Problem 2.3b2

Prove that a metric tensor is symmetric.

Assume $\displaystyle{\eta_{\alpha\beta} \neq \eta_{\beta\alpha}}$ . Because it’s irrelevant what letter we use for our indices,

$\displaystyle{\eta_{\alpha\beta}dx^{\alpha}dx^{\beta} = \eta_{\beta\alpha}dx^{\beta}dx^{\alpha}}$ .

Then

$\displaystyle{\eta_{\alpha\beta}dx^{\alpha}dx^{\beta} = \frac{1}{2}(\eta_{\alpha\beta}dx^{\alpha}dx^{\beta} + \eta_{\beta\alpha}dx^{\beta}dx^{\alpha}) = \frac{1}{2} (\eta_{\alpha\beta} + \eta_{\beta\alpha})dx^{\alpha}dx^{\beta}}$

So only the symmetric part of $\displaystyle{\eta_{\alpha\beta}}$ would survive the sum.
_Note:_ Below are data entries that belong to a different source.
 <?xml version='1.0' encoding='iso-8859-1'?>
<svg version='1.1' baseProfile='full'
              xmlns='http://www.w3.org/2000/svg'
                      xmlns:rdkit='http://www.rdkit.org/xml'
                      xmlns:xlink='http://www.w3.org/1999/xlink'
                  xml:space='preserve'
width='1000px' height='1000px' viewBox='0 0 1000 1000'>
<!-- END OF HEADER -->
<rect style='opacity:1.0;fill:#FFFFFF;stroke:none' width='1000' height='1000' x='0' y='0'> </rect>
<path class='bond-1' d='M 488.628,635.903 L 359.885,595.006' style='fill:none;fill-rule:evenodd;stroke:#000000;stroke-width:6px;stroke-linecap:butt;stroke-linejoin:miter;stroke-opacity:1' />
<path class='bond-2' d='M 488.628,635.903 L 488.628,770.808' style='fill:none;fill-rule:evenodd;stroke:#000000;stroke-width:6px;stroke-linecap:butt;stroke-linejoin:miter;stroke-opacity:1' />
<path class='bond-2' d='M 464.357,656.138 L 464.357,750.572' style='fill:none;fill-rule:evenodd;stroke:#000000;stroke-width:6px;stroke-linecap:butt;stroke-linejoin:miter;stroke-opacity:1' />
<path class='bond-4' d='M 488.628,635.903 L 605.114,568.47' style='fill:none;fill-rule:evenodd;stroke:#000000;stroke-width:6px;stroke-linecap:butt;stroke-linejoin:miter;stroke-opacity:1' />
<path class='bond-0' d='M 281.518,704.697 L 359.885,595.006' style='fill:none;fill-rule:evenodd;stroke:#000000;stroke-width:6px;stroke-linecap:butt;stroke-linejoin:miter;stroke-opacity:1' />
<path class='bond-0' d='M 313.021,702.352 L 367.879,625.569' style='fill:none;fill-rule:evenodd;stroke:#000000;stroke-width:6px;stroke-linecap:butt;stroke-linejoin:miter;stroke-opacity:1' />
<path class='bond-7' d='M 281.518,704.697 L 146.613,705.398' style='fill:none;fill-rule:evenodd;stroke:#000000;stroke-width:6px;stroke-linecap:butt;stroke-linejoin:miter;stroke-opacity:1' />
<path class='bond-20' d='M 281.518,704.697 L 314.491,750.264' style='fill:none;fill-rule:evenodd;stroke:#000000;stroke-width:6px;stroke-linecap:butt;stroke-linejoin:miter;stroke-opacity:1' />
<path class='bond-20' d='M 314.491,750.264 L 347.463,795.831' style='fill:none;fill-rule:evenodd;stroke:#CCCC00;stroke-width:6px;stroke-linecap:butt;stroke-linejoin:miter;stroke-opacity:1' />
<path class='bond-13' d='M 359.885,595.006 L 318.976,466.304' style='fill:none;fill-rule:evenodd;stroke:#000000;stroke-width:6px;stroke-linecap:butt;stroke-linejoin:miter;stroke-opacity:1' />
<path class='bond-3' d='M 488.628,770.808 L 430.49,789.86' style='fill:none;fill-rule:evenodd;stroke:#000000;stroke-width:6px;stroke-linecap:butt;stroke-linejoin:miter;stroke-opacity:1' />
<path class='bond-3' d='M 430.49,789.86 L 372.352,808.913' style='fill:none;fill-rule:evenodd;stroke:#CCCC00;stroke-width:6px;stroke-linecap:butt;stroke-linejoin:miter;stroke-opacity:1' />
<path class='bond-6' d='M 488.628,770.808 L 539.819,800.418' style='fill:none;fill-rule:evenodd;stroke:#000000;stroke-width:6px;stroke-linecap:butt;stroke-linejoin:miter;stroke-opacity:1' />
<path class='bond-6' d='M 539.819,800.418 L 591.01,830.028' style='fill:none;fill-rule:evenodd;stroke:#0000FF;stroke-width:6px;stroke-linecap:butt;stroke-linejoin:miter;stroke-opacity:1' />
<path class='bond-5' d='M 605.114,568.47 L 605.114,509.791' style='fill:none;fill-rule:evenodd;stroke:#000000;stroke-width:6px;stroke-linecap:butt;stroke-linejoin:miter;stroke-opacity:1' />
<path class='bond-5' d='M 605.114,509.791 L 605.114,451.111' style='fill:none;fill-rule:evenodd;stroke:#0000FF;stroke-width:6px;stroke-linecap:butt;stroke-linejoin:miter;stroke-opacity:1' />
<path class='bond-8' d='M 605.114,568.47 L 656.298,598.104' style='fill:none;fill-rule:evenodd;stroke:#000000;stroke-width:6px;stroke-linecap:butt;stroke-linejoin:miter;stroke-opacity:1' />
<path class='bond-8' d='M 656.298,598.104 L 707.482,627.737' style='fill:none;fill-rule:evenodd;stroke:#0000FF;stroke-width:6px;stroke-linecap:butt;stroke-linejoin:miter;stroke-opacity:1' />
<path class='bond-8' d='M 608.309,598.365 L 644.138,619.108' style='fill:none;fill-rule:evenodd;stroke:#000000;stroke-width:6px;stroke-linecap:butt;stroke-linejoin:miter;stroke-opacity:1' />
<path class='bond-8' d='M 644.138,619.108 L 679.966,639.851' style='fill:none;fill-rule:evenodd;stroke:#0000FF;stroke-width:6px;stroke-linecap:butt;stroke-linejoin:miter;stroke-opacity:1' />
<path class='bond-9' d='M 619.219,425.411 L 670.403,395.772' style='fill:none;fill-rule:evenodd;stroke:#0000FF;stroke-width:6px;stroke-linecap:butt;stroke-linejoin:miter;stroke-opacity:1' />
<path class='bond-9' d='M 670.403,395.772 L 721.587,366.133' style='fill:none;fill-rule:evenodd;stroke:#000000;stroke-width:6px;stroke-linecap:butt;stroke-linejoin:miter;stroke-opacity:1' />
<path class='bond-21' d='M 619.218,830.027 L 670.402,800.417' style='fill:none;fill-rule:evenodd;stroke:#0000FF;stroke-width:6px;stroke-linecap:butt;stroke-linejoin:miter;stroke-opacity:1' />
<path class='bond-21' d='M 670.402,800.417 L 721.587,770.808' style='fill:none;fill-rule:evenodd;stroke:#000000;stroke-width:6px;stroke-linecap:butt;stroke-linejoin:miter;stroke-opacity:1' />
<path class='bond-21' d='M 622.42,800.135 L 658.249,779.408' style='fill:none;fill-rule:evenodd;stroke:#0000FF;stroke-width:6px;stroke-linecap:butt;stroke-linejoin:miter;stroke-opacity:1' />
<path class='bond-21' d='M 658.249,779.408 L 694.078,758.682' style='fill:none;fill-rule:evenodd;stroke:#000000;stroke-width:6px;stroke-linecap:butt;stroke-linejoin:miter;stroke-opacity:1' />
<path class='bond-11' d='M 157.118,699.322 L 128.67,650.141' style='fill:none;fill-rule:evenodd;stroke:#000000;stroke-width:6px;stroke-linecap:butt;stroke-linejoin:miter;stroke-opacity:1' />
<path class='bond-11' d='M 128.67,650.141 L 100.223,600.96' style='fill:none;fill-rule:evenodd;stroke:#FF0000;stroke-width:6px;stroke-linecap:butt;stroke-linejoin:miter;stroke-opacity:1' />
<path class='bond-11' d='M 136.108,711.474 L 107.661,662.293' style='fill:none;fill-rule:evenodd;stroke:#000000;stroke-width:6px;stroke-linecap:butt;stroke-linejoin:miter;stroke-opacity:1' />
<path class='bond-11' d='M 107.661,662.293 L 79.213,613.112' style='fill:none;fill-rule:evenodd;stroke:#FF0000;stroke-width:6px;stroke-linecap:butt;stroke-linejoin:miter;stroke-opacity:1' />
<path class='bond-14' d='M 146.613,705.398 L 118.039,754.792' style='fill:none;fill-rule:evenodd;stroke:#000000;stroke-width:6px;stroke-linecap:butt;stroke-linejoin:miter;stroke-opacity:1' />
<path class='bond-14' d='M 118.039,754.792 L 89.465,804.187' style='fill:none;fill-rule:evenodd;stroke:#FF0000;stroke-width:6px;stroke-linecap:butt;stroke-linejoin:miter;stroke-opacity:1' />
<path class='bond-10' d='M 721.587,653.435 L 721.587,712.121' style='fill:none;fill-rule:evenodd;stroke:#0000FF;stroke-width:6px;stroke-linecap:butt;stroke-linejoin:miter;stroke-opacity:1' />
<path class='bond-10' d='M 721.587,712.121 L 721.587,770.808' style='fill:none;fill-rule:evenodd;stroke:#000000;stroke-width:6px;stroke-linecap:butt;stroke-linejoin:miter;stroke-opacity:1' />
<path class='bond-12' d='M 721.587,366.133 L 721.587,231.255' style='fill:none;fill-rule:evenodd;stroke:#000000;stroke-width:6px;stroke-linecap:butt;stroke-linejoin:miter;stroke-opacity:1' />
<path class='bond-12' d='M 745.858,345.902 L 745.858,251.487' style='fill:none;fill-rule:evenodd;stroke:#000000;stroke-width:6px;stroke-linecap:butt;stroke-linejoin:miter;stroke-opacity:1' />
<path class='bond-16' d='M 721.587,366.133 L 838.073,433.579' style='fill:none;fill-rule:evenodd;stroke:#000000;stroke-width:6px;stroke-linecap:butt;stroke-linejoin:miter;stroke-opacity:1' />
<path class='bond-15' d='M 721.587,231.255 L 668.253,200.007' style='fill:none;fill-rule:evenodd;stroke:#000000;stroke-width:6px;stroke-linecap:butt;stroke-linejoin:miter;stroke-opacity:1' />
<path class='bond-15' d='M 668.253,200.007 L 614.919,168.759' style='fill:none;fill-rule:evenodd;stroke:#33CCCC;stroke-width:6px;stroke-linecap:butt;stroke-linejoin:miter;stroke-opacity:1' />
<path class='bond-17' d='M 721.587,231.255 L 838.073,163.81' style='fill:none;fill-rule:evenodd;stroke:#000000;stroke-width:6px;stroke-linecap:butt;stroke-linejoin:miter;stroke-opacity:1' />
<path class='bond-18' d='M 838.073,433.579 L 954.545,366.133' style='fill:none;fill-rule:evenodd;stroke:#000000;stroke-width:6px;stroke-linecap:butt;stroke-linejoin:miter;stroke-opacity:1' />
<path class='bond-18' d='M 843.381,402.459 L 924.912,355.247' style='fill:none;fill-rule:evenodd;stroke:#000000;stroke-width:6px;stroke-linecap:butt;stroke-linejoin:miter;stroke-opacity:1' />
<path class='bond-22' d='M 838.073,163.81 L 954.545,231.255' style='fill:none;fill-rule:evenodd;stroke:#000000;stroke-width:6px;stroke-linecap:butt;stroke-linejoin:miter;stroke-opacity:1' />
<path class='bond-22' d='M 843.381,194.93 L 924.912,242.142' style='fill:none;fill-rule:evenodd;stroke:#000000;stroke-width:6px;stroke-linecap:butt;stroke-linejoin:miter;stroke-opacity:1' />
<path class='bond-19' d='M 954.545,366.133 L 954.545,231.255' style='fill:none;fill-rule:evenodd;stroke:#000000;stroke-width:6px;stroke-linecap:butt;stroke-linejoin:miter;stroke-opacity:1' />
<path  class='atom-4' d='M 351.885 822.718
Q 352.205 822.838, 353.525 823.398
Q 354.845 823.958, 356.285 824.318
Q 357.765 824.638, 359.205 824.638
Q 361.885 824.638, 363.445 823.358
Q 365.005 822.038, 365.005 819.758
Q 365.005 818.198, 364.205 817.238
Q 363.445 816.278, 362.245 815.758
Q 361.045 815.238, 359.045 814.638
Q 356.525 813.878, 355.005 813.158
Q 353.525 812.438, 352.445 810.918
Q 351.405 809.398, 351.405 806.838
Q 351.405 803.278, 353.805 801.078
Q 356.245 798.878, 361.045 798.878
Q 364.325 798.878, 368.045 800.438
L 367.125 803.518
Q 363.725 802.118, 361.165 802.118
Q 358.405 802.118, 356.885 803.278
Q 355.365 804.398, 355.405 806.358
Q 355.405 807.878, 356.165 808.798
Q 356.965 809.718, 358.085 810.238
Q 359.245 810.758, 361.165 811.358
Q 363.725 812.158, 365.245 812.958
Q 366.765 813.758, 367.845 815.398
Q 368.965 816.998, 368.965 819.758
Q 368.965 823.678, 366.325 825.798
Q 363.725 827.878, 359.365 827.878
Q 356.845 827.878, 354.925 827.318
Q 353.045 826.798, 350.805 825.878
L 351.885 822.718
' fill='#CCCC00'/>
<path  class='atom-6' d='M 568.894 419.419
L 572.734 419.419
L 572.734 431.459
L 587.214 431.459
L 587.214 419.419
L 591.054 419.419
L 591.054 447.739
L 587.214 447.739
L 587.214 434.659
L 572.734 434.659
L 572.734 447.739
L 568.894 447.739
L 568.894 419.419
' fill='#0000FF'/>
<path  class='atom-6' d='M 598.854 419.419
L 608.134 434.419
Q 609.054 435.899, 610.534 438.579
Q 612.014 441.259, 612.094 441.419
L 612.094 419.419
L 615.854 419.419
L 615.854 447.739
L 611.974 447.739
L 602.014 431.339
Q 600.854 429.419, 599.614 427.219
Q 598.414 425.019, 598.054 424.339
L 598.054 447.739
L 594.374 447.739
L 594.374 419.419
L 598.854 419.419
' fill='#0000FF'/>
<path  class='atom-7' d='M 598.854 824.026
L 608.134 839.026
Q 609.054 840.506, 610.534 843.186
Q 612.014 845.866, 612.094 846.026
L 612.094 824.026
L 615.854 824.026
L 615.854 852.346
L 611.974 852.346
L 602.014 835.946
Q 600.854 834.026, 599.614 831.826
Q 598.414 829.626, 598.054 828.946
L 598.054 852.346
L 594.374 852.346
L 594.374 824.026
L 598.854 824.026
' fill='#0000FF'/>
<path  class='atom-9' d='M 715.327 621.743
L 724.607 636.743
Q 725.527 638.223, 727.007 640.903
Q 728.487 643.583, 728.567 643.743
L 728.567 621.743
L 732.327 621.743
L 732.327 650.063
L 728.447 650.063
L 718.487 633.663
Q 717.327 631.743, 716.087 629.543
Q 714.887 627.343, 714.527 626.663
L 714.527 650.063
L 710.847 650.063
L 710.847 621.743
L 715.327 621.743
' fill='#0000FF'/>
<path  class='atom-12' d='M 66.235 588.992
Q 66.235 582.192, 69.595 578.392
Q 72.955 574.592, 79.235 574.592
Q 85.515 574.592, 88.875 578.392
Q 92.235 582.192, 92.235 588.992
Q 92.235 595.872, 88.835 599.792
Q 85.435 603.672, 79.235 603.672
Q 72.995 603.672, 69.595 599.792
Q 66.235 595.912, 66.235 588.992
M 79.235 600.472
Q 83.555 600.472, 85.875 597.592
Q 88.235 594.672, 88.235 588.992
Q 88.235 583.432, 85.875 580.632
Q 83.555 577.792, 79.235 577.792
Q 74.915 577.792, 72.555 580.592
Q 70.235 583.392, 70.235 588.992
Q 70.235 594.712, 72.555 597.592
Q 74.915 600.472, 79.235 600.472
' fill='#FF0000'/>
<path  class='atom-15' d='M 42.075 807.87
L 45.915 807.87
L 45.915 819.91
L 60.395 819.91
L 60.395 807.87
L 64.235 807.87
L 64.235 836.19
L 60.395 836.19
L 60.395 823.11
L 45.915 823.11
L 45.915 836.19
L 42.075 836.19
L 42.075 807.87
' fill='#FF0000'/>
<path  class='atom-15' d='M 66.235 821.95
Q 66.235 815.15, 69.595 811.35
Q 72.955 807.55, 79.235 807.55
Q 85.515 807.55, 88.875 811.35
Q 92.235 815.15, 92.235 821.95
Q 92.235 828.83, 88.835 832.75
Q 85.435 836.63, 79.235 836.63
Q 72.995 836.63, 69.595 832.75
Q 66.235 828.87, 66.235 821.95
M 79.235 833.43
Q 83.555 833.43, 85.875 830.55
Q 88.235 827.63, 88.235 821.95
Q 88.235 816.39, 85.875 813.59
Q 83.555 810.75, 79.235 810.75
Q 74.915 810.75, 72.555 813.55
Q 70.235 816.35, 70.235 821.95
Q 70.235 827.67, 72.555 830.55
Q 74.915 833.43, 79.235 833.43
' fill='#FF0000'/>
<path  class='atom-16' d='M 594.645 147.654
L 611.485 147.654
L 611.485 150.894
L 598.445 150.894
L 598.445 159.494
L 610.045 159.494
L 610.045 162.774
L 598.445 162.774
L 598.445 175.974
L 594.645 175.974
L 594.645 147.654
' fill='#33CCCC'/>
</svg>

As such we may as well take $\displaystyle{\eta_{\alpha\beta}}$ to be symmetric in its definition.

— edited Jun 15 ’15 at 22:48

— rob

— answered Jun 15 ’15 at 17:52

— FenderLesPaul

— Why is the metric tensor symmetric?

— Physics StackExchange

$\displaystyle{\eta_{\alpha\beta}dx^{\alpha}dx^{\beta} = \eta_{\beta\alpha}dx^{\beta}dx^{\alpha}}$

means that

$\displaystyle{\sum_{\alpha, \beta} \eta_{\alpha\beta}dx^{\alpha}dx^{\beta}=\sum_{\alpha, \beta}\eta_{\beta\alpha}dx^{\beta}dx^{\alpha}}$

So in

$\displaystyle{\eta_{\alpha\beta}dx^{\alpha}dx^{\beta} = \eta_{\beta\alpha}dx^{\beta}dx^{\alpha}}$ ,

we cannot cancel out $\displaystyle{dx^{\alpha}dx^{\beta}}$ on both sides. In other words, we do NOT assume that $\displaystyle{\eta_{\alpha\beta} = \eta_{\beta\alpha}}$ in the first place.

means that

$\displaystyle{\sum_{\alpha, \beta}\eta_{\alpha\beta}dx^{\alpha}dx^{\beta} = \frac{1}{2}\sum_{\alpha, \beta}(\eta_{\alpha\beta}dx^{\alpha}dx^{\beta} + \eta_{\beta\alpha}dx^{\beta}dx^{\alpha}) = \frac{1}{2} \sum_{\alpha, \beta}(\eta_{\alpha\beta} + \eta_{\beta\alpha})dx^{\alpha}dx^{\beta}}$

3. “… only the symmetric part of $\displaystyle{\eta_{\alpha\beta}}$ would survive the sum” means that only the sum $\displaystyle{\left(\eta_{\alpha\beta} + \eta_{\beta\alpha}\right)}$ is physically meaningful.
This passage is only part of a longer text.